PATRICK WINSTON: I'm always using the individuals that have already been selected at every step, so every step is a little different because it's working with a new set of individuals that have already been selected for the next generation.
OK?
So let's see how this works.
So this is showing the evolution of some swimming creatures.
And they're evolved according to how well they can swim, how fast they can go.
Some of them have quite exotic mechanisms, and some of them quite natural.
That looked like a sperm cell floating away there.
Once you have these things evolving, then of course, you can get groups of them to evolve together.
So you saw already some that were evolving to swim.
These are evolving to move around on the land.
It's interesting-- this was done by Karl Sims, who at the time was at a then-thriving company, Thinking Machines, a fresh spinoff from MIT.
So he was using a vastly parallel computer, super powerful for its day, thousands of processors, to do this.
And it was a demonstration of what you could do with lots of computing.
In the early stages of the experimentation, though, its notion of physics wasn't quite complete, so some of the creatures evolved to move by hitting themselves in the chest and not knowing about the conservation of momentum.
I thought that was just great.
So here they are, out doing some further-- So you look at these, and you say, wow, there must be something to this.
This is interesting.
These are complicated.
I think this is one of the ones that was trained, initially, to swim and then to do land locomotion.
So eventually, Karl got around to thinking about how to make these things evolve so that they would compete for food.
That's the fastest, I think, by the way, of the land locomotors.

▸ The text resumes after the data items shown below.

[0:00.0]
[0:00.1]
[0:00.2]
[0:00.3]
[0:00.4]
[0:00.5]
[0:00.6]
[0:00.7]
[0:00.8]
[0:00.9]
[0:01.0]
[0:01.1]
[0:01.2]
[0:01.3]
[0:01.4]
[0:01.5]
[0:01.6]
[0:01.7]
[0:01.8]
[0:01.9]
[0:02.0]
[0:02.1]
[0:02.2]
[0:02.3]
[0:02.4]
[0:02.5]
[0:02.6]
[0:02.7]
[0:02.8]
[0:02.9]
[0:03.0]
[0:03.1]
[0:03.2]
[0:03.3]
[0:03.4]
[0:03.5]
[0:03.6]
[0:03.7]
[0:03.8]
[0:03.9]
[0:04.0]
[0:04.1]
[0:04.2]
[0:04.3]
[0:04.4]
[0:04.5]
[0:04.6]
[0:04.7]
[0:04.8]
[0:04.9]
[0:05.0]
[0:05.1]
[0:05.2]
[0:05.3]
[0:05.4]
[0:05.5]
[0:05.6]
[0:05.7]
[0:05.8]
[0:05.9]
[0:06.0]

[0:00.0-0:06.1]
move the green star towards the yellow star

So that was training them to-- evolving them to jump.
This is evolving them to follow a little red dot.
Some of them have stumbled upon quite exotic methods, as you can see.

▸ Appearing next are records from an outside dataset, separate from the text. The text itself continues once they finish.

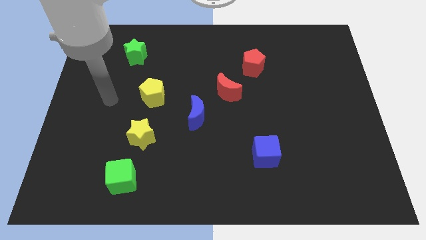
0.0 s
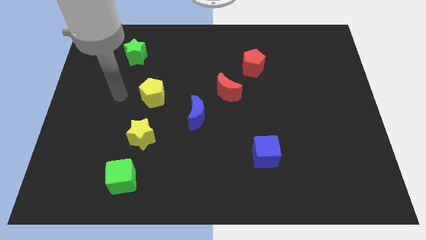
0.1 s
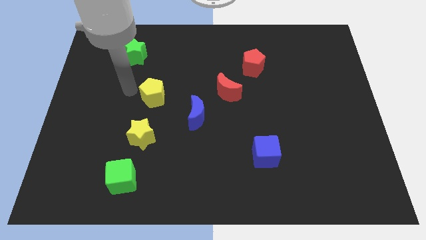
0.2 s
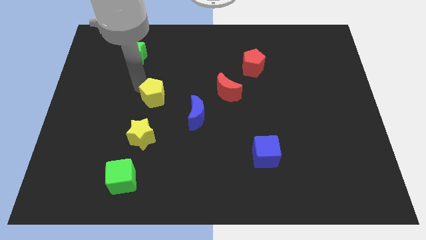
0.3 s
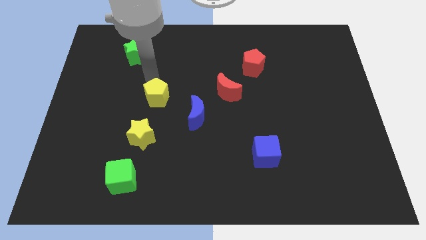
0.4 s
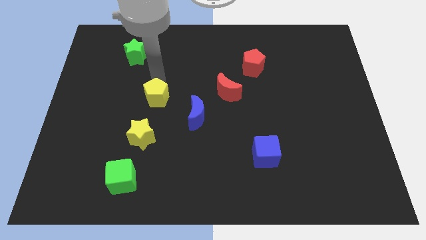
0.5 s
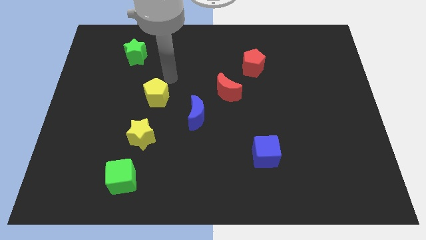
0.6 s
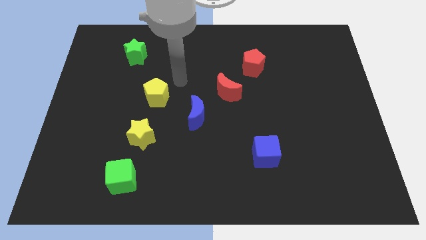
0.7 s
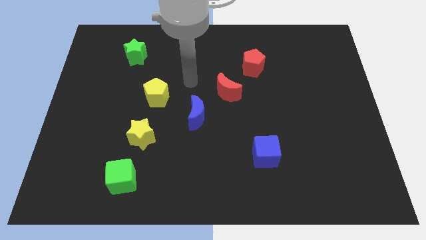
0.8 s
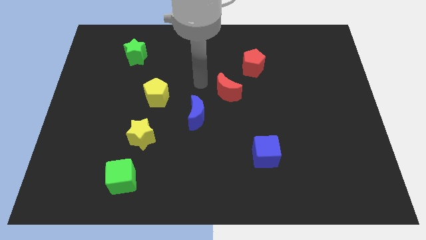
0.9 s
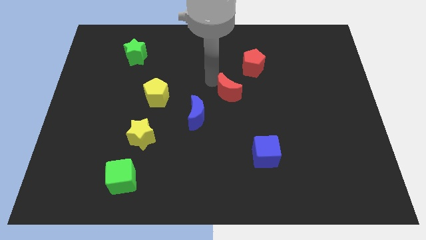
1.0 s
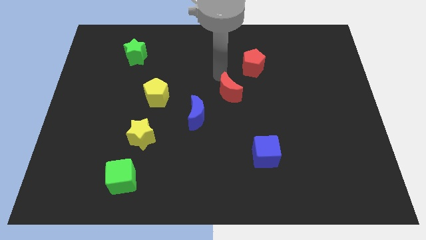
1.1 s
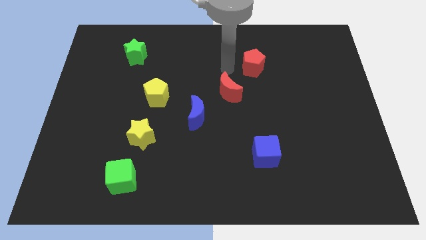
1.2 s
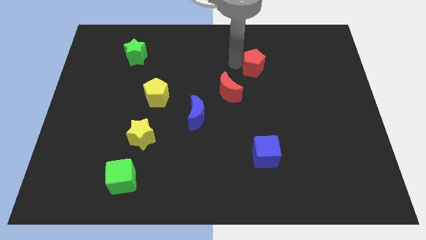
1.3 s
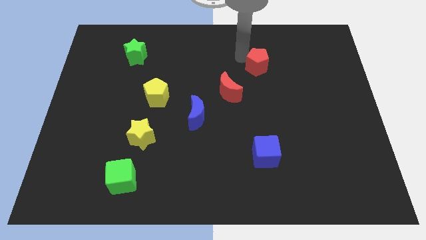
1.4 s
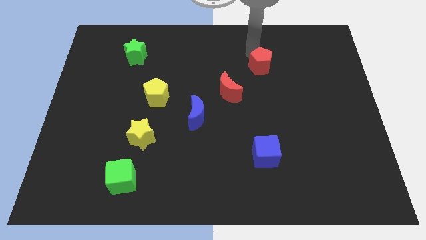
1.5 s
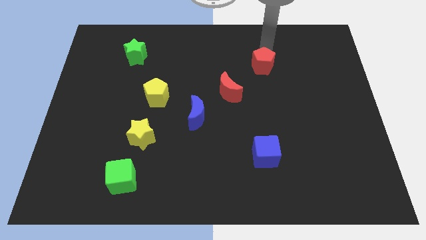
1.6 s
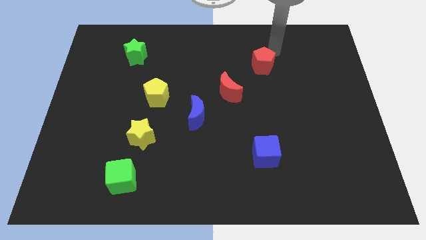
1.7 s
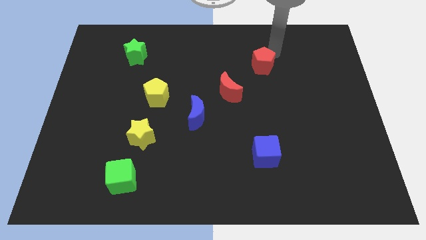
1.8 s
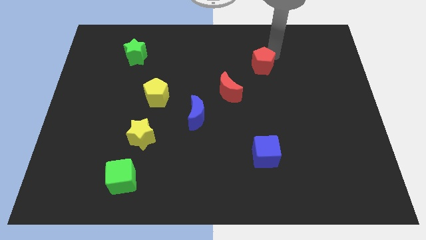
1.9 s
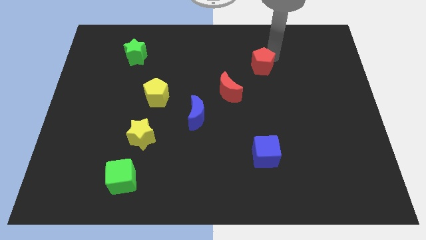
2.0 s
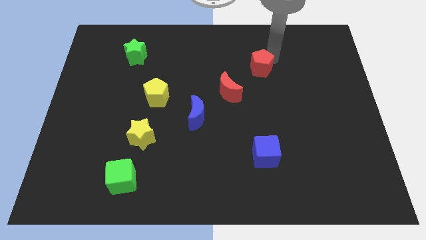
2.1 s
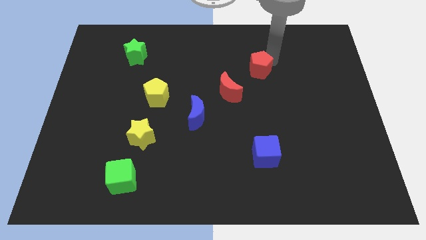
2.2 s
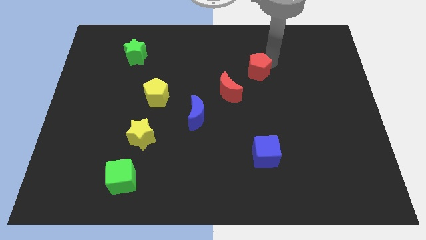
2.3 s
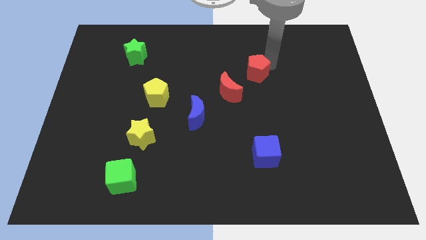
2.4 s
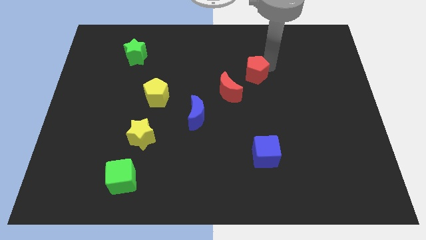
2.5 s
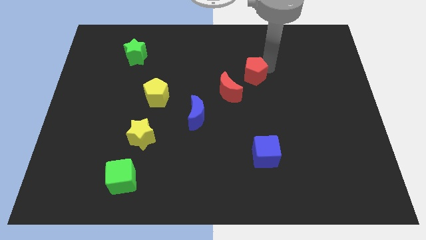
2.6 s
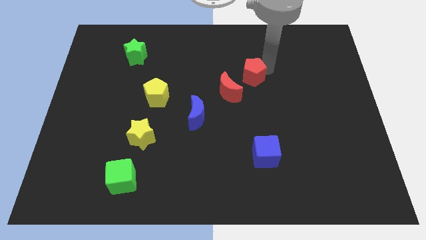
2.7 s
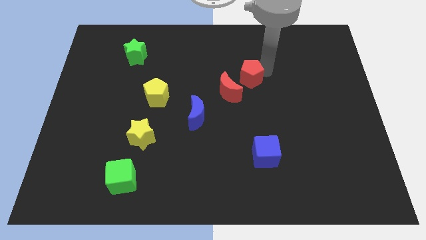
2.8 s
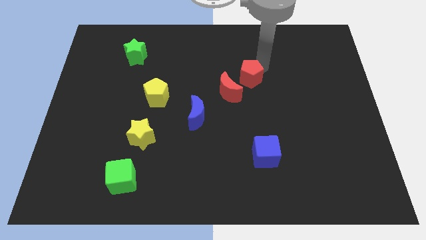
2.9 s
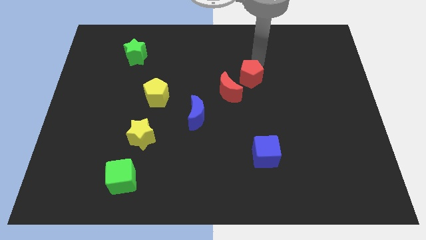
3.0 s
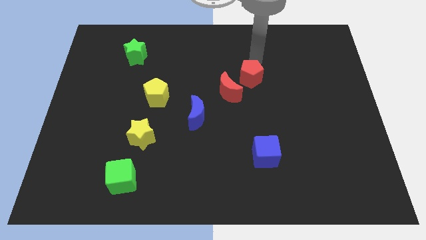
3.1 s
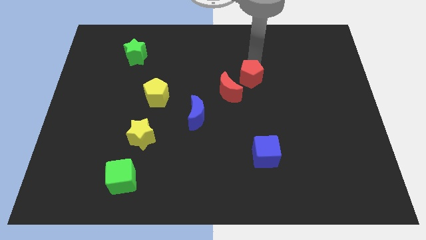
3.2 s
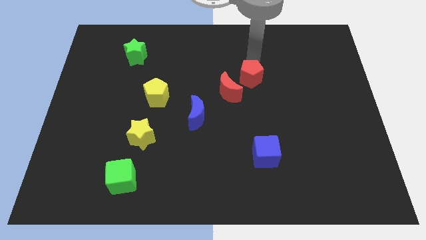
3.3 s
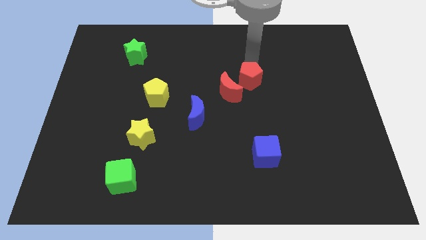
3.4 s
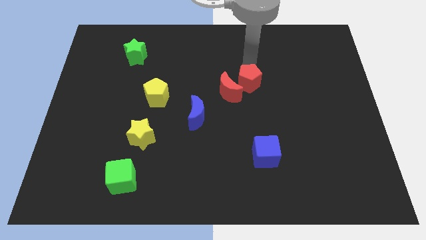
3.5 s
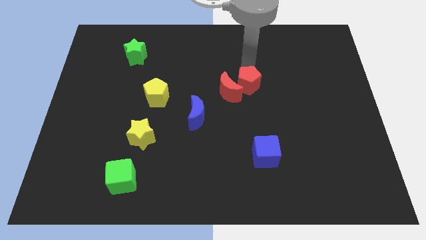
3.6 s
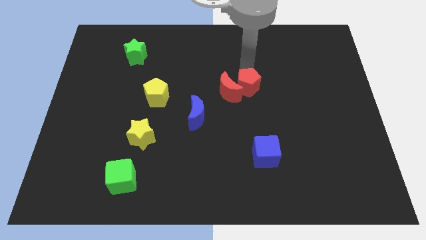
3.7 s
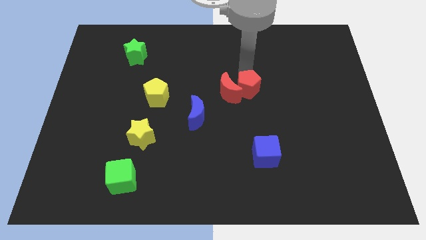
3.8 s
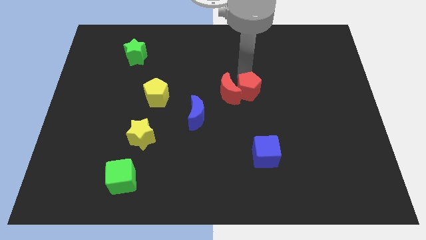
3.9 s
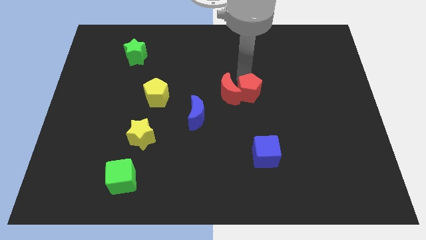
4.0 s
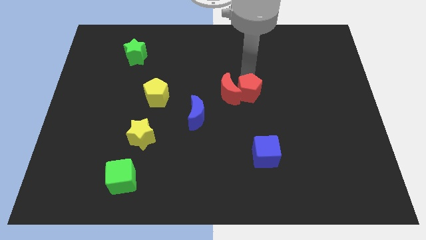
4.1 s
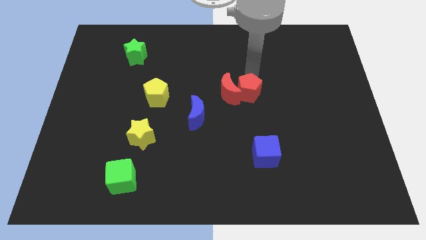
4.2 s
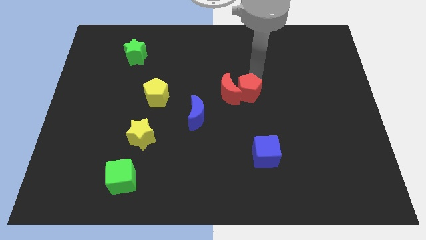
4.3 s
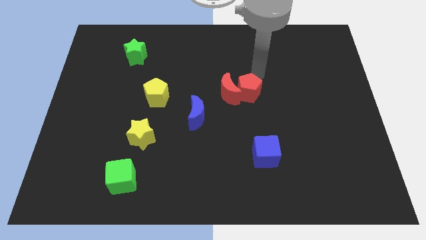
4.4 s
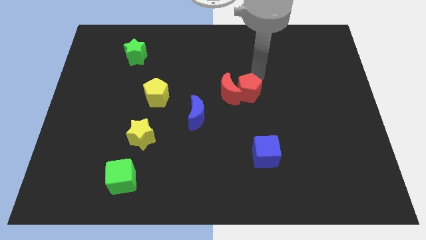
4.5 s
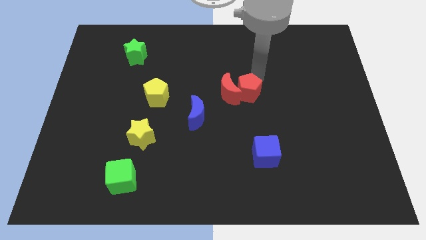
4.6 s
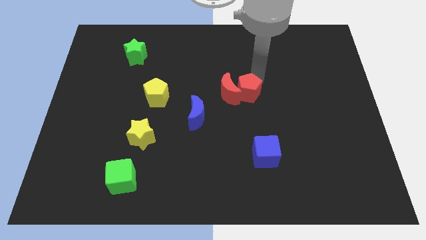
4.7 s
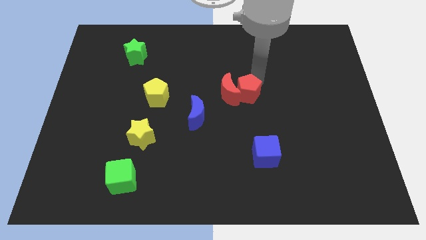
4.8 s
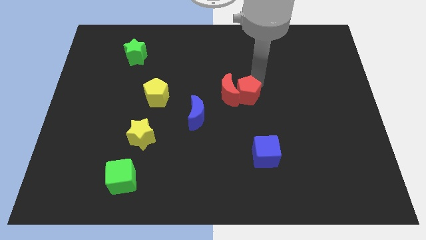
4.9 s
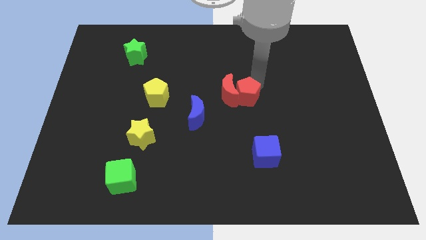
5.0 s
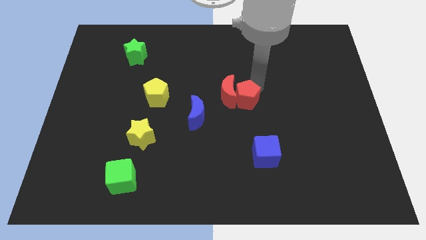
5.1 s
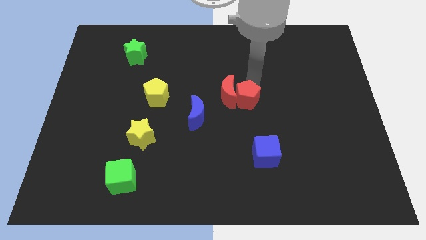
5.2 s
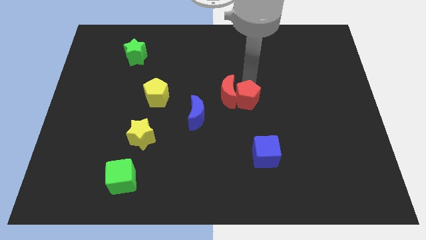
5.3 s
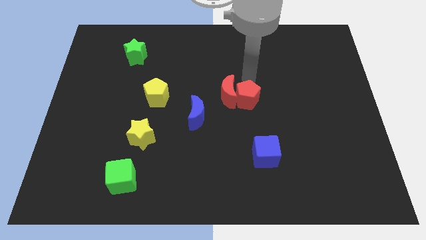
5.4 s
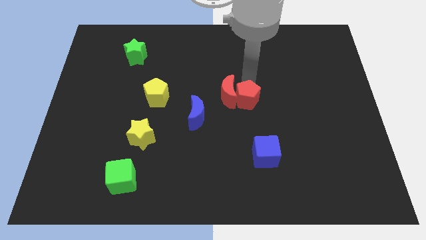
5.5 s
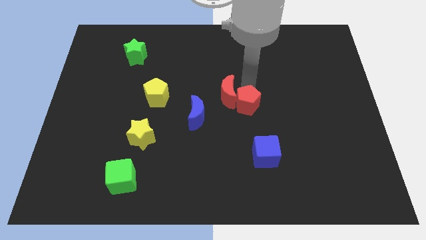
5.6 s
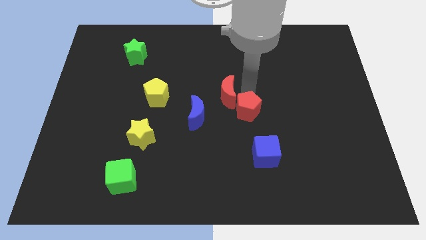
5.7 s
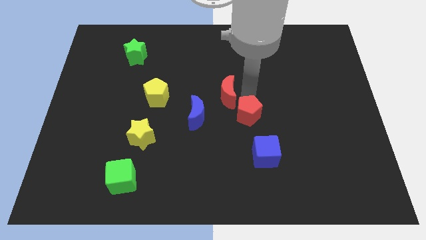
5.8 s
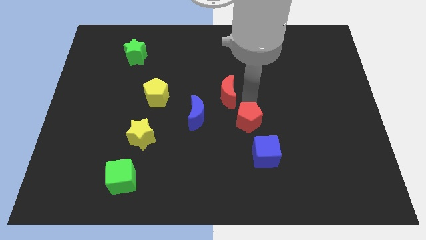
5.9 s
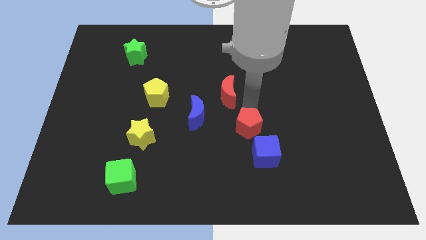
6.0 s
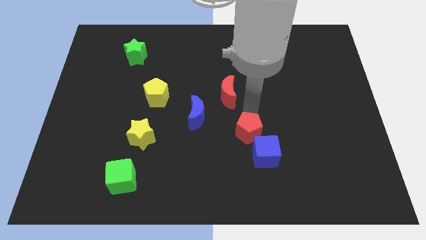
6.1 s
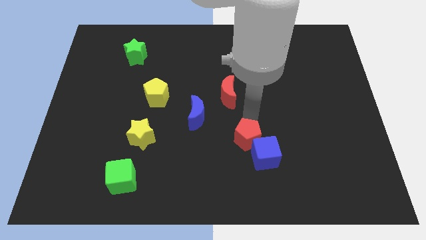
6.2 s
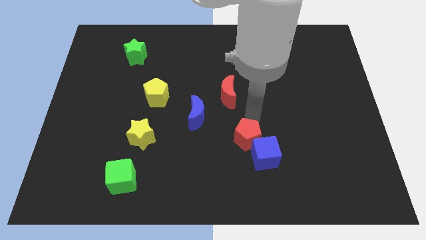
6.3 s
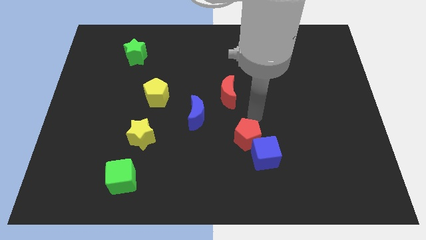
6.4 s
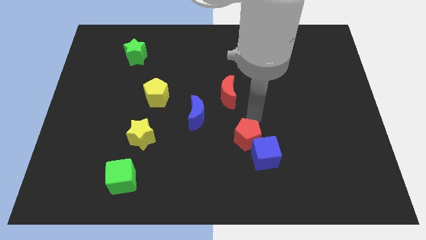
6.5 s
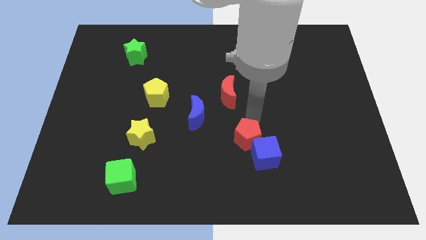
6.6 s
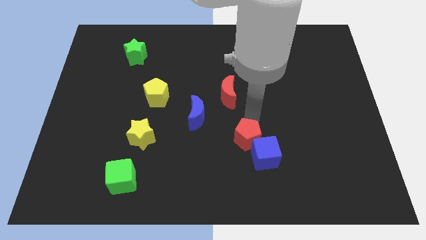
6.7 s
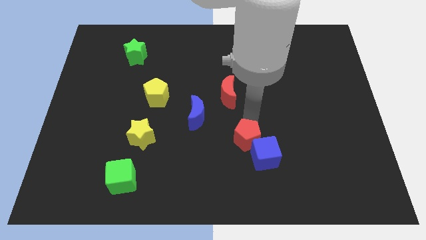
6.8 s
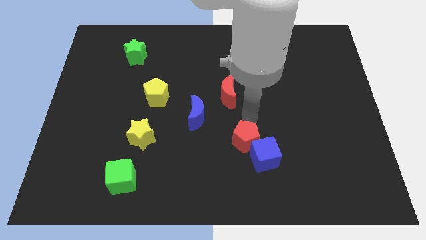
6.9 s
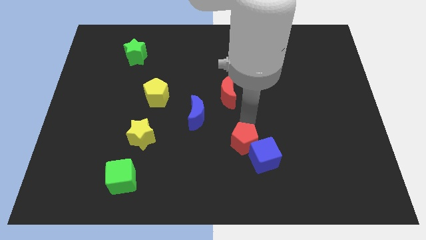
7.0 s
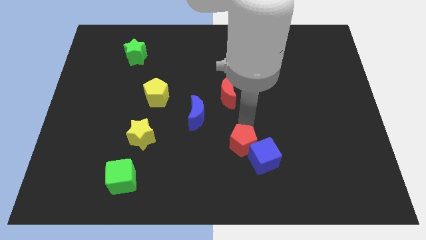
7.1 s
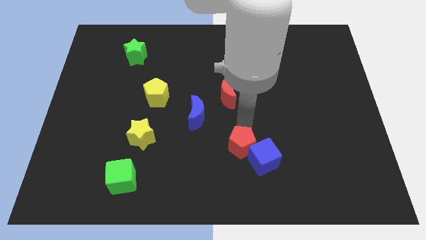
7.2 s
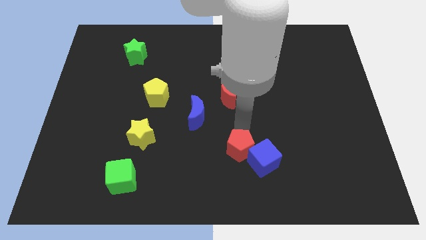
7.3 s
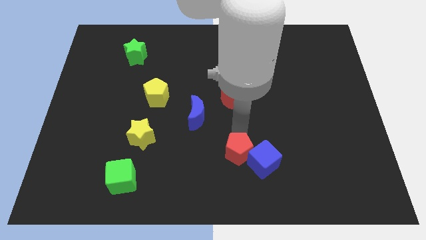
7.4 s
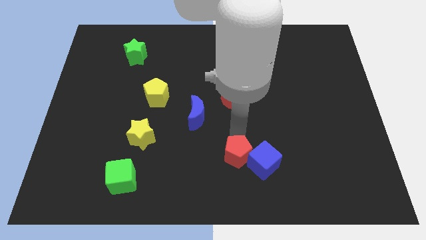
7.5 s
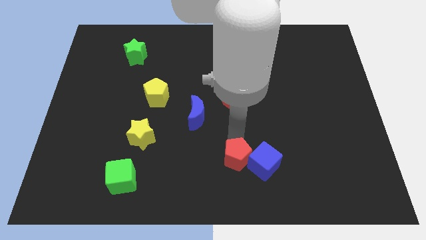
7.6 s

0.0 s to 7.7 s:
put the red pentagon to the bottom

Seem to be flailing around, but somehow manage to-- sort of like watching people take a quiz.
Making progress on it.
But now we're on to the food competition.
So some of them go for the food, and some of them go to excluding their opponent from the food, not actually caring too much about whether they get it.

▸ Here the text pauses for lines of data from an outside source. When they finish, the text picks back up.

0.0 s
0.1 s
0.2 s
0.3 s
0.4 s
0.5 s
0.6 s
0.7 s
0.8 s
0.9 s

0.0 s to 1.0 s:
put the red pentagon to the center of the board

That's sort of what children do.
There's a kind of hockey player-- now, here's two hockey players.
Watch this.
They're kind of-- one succeeds-- it reminds me a little bit of hockey, rugby, something like that.
Sometimes, they just get kind of confused, go right after their opponent, forgetting about the food.
Gives up.
I think these are the overall winners in this elimination contest.
I can't quite get there.
OK, so you look at that, and you say, wow, that's cool.
Genetic algorithms must be the way to go.
I remember the first time I saw this film.
It was over in Kresge.
I was walking out of the auditorium with Toma Poggio And we looked at each other, and we said the same thing simultaneously.
We didn't say that genetic algorithms were the way to go.
What we said was, wow, that space is rich in solutions.
What we were amazed by was not that simple-minded genetic algorithms produced solutions but that the space was so rich with solutions that almost any mechanism that was looking around in that space would find them.
But there's yet another way of thinking about it, and that is you could say, wow, look at how smart Karl Sims is, because Karl Sims is the one who had his hands on all the levers, all those choices.
And I kept emphasizing, all those choices that enabled him to trick this thing, in some sense, into stumbling across the solutions in a space that was guaranteed to be rich with solutions.
So you have to ask-- so first of all, diversity is good.
We noticed when we put diversity into the genetic algorithm calculations, we were much better at finding solutions.
But the next gold star idea that I'd really like to have you go away with is the idea that you have to ask where the credit lies.
Does it lie with the ingenuity of the programmer or with the value of the algorithm itself?
In this case, impressive as it is, the credit lies in the richness of the space and in the intelligence of the programmer, not necessarily in the idea of genetic algorithms.